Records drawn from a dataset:
━━━

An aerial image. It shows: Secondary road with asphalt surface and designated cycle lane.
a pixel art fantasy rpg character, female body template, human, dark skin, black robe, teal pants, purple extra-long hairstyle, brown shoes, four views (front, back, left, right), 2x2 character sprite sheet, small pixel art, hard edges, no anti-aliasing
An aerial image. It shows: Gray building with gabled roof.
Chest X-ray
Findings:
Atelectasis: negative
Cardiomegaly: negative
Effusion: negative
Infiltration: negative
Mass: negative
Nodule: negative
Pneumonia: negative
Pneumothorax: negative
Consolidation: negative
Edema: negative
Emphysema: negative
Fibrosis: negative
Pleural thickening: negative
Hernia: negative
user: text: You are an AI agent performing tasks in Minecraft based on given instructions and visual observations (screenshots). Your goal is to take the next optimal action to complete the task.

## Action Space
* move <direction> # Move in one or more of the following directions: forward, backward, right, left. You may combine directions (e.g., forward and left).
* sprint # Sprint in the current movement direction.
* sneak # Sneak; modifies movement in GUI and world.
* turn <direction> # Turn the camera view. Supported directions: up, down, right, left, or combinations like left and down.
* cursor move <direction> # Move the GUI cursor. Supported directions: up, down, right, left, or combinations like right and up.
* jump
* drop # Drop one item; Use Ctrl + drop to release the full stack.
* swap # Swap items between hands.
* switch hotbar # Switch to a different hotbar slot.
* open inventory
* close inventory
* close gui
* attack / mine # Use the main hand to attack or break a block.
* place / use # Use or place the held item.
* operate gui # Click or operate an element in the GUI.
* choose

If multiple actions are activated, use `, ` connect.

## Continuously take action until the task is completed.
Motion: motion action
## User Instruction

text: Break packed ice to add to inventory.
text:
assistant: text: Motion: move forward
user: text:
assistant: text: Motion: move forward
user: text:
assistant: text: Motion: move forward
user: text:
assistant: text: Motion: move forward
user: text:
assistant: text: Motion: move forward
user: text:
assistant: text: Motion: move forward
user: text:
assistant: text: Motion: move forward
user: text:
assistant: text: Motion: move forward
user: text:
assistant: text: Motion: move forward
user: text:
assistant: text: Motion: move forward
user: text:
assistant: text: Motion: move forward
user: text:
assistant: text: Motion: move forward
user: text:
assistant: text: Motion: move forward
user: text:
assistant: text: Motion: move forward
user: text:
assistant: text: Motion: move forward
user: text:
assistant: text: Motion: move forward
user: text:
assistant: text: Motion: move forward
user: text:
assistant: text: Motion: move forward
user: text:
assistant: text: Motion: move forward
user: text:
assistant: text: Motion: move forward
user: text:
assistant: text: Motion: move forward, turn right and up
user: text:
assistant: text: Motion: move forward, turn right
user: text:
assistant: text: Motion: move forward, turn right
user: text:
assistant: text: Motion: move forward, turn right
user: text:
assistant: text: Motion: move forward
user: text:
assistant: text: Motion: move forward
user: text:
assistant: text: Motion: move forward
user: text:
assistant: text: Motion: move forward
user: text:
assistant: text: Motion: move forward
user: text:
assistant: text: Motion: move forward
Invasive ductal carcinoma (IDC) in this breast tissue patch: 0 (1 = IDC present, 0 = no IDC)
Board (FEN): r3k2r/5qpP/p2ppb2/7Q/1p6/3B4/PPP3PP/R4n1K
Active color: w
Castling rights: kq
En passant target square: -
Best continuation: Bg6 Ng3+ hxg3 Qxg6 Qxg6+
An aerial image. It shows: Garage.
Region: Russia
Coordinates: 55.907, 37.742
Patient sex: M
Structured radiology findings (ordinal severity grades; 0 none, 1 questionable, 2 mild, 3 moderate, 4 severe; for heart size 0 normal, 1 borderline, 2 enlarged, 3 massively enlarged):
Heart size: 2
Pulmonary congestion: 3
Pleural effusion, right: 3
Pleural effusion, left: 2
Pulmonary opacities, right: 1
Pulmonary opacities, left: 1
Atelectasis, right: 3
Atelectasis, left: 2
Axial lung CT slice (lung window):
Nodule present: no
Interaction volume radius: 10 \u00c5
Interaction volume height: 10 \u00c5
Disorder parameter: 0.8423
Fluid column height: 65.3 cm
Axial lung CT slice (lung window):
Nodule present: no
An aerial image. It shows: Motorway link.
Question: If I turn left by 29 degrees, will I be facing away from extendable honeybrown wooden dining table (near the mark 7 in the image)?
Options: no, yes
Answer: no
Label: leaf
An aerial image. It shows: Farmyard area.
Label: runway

━━━

All the records above need to be printed exactly.

Result of this task.
An aerial image. It shows: Secondary road with asphalt surface and designated cycle lane.
a pixel art fantasy rpg character, female body template, human, dark skin, black robe, teal pants, purple extra-long hairstyle, brown shoes, four views (front, back, left, right), 2x2 character sprite sheet, small pixel art, hard edges, no anti-aliasing
An aerial image. It shows: Gray building with gabled roof.
Chest X-ray
Findings:
Atelectasis: negative
Cardiomegaly: negative
Effusion: negative
Infiltration: negative
Mass: negative
Nodule: negative
Pneumonia: negative
Pneumothorax: negative
Consolidation: negative
Edema: negative
Emphysema: negative
Fibrosis: negative
Pleural thickening: negative
Hernia: negative
user: text: You are an AI agent performing tasks in Minecraft based on given instructions and visual observations (screenshots). Your goal is to take the next optimal action to complete the task.

## Action Space
* move <direction> # Move in one or more of the following directions: forward, backward, right, left. You may combine directions (e.g., forward and left).
* sprint # Sprint in the current movement direction.
* sneak # Sneak; modifies movement in GUI and world.
* turn <direction> # Turn the camera view. Supported directions: up, down, right, left, or combinations like left and down.
* cursor move <direction> # Move the GUI cursor. Supported directions: up, down, right, left, or combinations like right and up.
* jump
* drop # Drop one item; Use Ctrl + drop to release the full stack.
* swap # Swap items between hands.
* switch hotbar # Switch to a different hotbar slot.
* open inventory
* close inventory
* close gui
* attack / mine # Use the main hand to attack or break a block.
* place / use # Use or place the held item.
* operate gui # Click or operate an element in the GUI.
* choose

If multiple actions are activated, use `, ` connect.

## Continuously take action until the task is completed.
Motion: motion action
## User Instruction

text: Break packed ice to add to inventory.
text:
assistant: text: Motion: move forward
user: text:
assistant: text: Motion: move forward
user: text:
assistant: text: Motion: move forward
user: text:
assistant: text: Motion: move forward
user: text:
assistant: text: Motion: move forward
user: text:
assistant: text: Motion: move forward
user: text:
assistant: text: Motion: move forward
user: text:
assistant: text: Motion: move forward
user: text:
assistant: text: Motion: move forward
user: text:
assistant: text: Motion: move forward
user: text:
assistant: text: Motion: move forward
user: text:
assistant: text: Motion: move forward
user: text:
assistant: text: Motion: move forward
user: text:
assistant: text: Motion: move forward
user: text:
assistant: text: Motion: move forward
user: text:
assistant: text: Motion: move forward
user: text:
assistant: text: Motion: move forward
user: text:
assistant: text: Motion: move forward
user: text:
assistant: text: Motion: move forward
user: text:
assistant: text: Motion: move forward
user: text:
assistant: text: Motion: move forward, turn right and up
user: text:
assistant: text: Motion: move forward, turn right
user: text:
assistant: text: Motion: move forward, turn right
user: text:
assistant: text: Motion: move forward, turn right
user: text:
assistant: text: Motion: move forward
user: text:
assistant: text: Motion: move forward
user: text:
assistant: text: Motion: move forward
user: text:
assistant: text: Motion: move forward
user: text:
assistant: text: Motion: move forward
user: text:
assistant: text: Motion: move forward
Invasive ductal carcinoma (IDC) in this breast tissue patch: 0 (1 = IDC present, 0 = no IDC)
Board (FEN): r3k2r/5qpP/p2ppb2/7Q/1p6/3B4/PPP3PP/R4n1K
Active color: w
Castling rights: kq
En passant target square: -
Best continuation: Bg6 Ng3+ hxg3 Qxg6 Qxg6+
An aerial image. It shows: Garage.
Region: Russia
Coordinates: 55.907, 37.742
Patient sex: M
Structured radiology findings (ordinal severity grades; 0 none, 1 questionable, 2 mild, 3 moderate, 4 severe; for heart size 0 normal, 1 borderline, 2 enlarged, 3 massively enlarged):
Heart size: 2
Pulmonary congestion: 3
Pleural effusion, right: 3
Pleural effusion, left: 2
Pulmonary opacities, right: 1
Pulmonary opacities, left: 1
Atelectasis, right: 3
Atelectasis, left: 2
Axial lung CT slice (lung window):
Nodule present: no
Interaction volume radius: 10 \u00c5
Interaction volume height: 10 \u00c5
Disorder parameter: 0.8423
Fluid column height: 65.3 cm
Axial lung CT slice (lung window):
Nodule present: no
An aerial image. It shows: Motorway link.
Question: If I turn left by 29 degrees, will I be facing away from extendable honeybrown wooden dining table (near the mark 7 in the image)?
Options: no, yes
Answer: no
Label: leaf
An aerial image. It shows: Farmyard area.
Label: runway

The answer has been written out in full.